L'Origine - Julius Corentin Acquefacques, tome 1 par Sejy
L'imaginaire débridé de Marc Antoine Mathieu ne semble pas avoir de limites. Son talent non plus d'ailleurs. Car s'il a des idées (et des idées originales, c'est le moins que l'on puisse dire), c'est avec maestria qu'il leur donne corps. Découvrez et savourez ses géniales élucubrations et son brin de folie dans cette oeuvre conceptuelle où les planches introspectives démantèlent les ressorts et rouages de la bande dessinée tout en faisant la part belle au rêve et à l'humour. Dévoilant une lecture à multiples dimensions, c'est une composition ambitieuse qui offre un plaisir éclectique intense et puise sa source dans une étrange scénographie.
Un monde paradoxal qui oscille entre un fantastique (voir fantasmatique) et une réalité dont la filiation à l'univers kafkaïen va bien plus loin que le nom du héros (relisez-le attentivement). Une société triste, dépersonnalisée, prisonnière du carcan d'un système bureaucratique jusqu'au-boutiste et de son décorum loufoque.
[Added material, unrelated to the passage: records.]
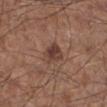Q: Was this lesion biopsied?
A: catalogued during a skin exam; not biopsied
Q: What is the imaging modality?
A: 15 mm crop, total-body photography
Q: What lighting was used for the tile?
A: white-light illumination
Q: Patient demographics?
A: male, roughly 60 years of age
Q: What is the lesion's diameter?
A: ~3 mm (longest diameter)
Q: Where on the body is the lesion?
A: the right lower leg
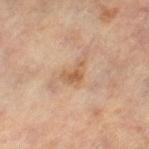Notes:
– workup: no biopsy performed (imaged during a skin exam)
– tile lighting: cross-polarized illumination
– diameter: ~2.5 mm (longest diameter)
– patient: female, approximately 65 years of age
– automated metrics: a border-irregularity rating of about 6/10, a within-lesion color-variation index near 2.5/10, and peripheral color asymmetry of about 1; a classifier nevus-likeness of about 5/100 and lesion-presence confidence of about 100/100
– imaging modality: total-body-photography crop, ~15 mm field of view
– location: the right leg
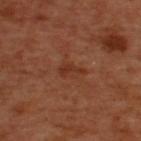<record>
<biopsy_status>not biopsied; imaged during a skin examination</biopsy_status>
<patient>
  <sex>male</sex>
  <age_approx>50</age_approx>
</patient>
<site>upper back</site>
<image>
  <source>total-body photography crop</source>
  <field_of_view_mm>15</field_of_view_mm>
</image>
</record>
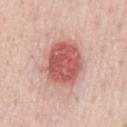notes = no biopsy performed (imaged during a skin exam); imaging modality = total-body-photography crop, ~15 mm field of view; body site = the chest; image-analysis metrics = an area of roughly 20 mm², a shape eccentricity near 0.6, and a symmetry-axis asymmetry near 0.15; patient = male, aged 48–52; size = about 5.5 mm.
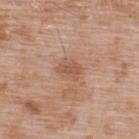Assessment: This lesion was catalogued during total-body skin photography and was not selected for biopsy. Image and clinical context: From the upper back. A male patient about 50 years old. The lesion's longest dimension is about 3 mm. A roughly 15 mm field-of-view crop from a total-body skin photograph.
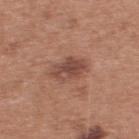Findings:
• follow-up · total-body-photography surveillance lesion; no biopsy
• body site · the upper back
• subject · male, in their mid-50s
• illumination · white-light illumination
• diameter · about 4 mm
• image source · 15 mm crop, total-body photography
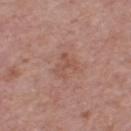This lesion was catalogued during total-body skin photography and was not selected for biopsy.
About 3 mm across.
The subject is a female in their mid-50s.
On the leg.
A close-up tile cropped from a whole-body skin photograph, about 15 mm across.
The tile uses white-light illumination.
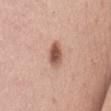The lesion is located on the back. A 15 mm close-up extracted from a 3D total-body photography capture. About 4 mm across. The subject is a female aged 63 to 67.
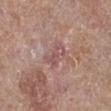{
  "lesion_size": {
    "long_diameter_mm_approx": 3.0
  },
  "site": "left leg",
  "image": {
    "source": "total-body photography crop",
    "field_of_view_mm": 15
  },
  "patient": {
    "sex": "male",
    "age_approx": 80
  }
}

En occultant l'individu (jusqu'à tenter de réfréner ses rêves), ce microcosme expose des accents totalitaires très terre-à-terre et, parallèlement, un surréalisme troublant quand il affiche la conscience de sa virtualité et de son éphémère. Un théâtre, dont on pourrait s'inquiéter qu'il soit obscur ou oppressant, mais qui s'avère en vérité intellectuellement et émotionnellement vivifiant, burlesque et avant tout ludique.
En effet, les méandres des escapades oniriques de Julius Corentin Acquefacques sont autant de prétextes pour jouer avec le média. En transgressant les codes et en aplatissant les conventions, l'auteur propose une exploration de l'art séquentiel qui suggère une vision au-delà des horizons (au propre comme au figuré). Par une mise en abîme permanente, riche d'étonnantes trouvailles narratives ou graphiques, il expérimente et manipule la forme, miroir sans tain qui tout en renvoyant l'image d'une histoire en train de se fabriquer laisse transparaître les coulisses de sa genèse. Une déconstruction de l'album, expérience intrigante et jubilatoire, qui s'autorise même quelques modulations mystiques. Par ce démontage du processus créatif, on pénètre un peu plus dans l'atelier et la pensée du « Créateur », excitante intrusion dans le domaine immatériel des « dieux ».
Tout cela paraît un peu compliqué. Mais rassurez-vous. Si, au-delà des protagonistes et des pérégrinations du personnage principal, c'est bien une réflexion d'envergure que l'on perçoit (chacun pouvant l'appréhender à sa manière), l'ensemble demeure ouvert et accessible. Pas de messages formatés ou de prises de tête. Les questionnements métaphysiques maquillés d'un absurde récurrent et les autres clins d'œil scientifiques ne sont là que pour le ravissement de l'esprit et la détente des zygomatiques. Enfin s'il est difficile d'éprouver une réelle empathie pour ce bon Julius, on pourra néanmoins le gratifier de quelque sympathie ; il nous fait simplement, et si merveilleusement, rêver.
Un beau voyage spirituel en noir et blanc dont la ligne, géométrique, incisive et limpide ne s'encombre pas de fioritures. Froide et inexpressive, elle va droit au but, sa puissance évocatrice ne servant exclusivement que le récit. Cette colorisation manichéiste est également bénéfique dans le sens où elle ne parasite pas les perceptions. Le lecteur peut ainsi remplir les éventuels « blancs » du propos par sa seule imagination et se métamorphoser en acteur à part entière.
Vous hésitez ? Devant de telles perspectives, point de fuite ! La seule ligne de conduite à suivre c'est de franchir le pas.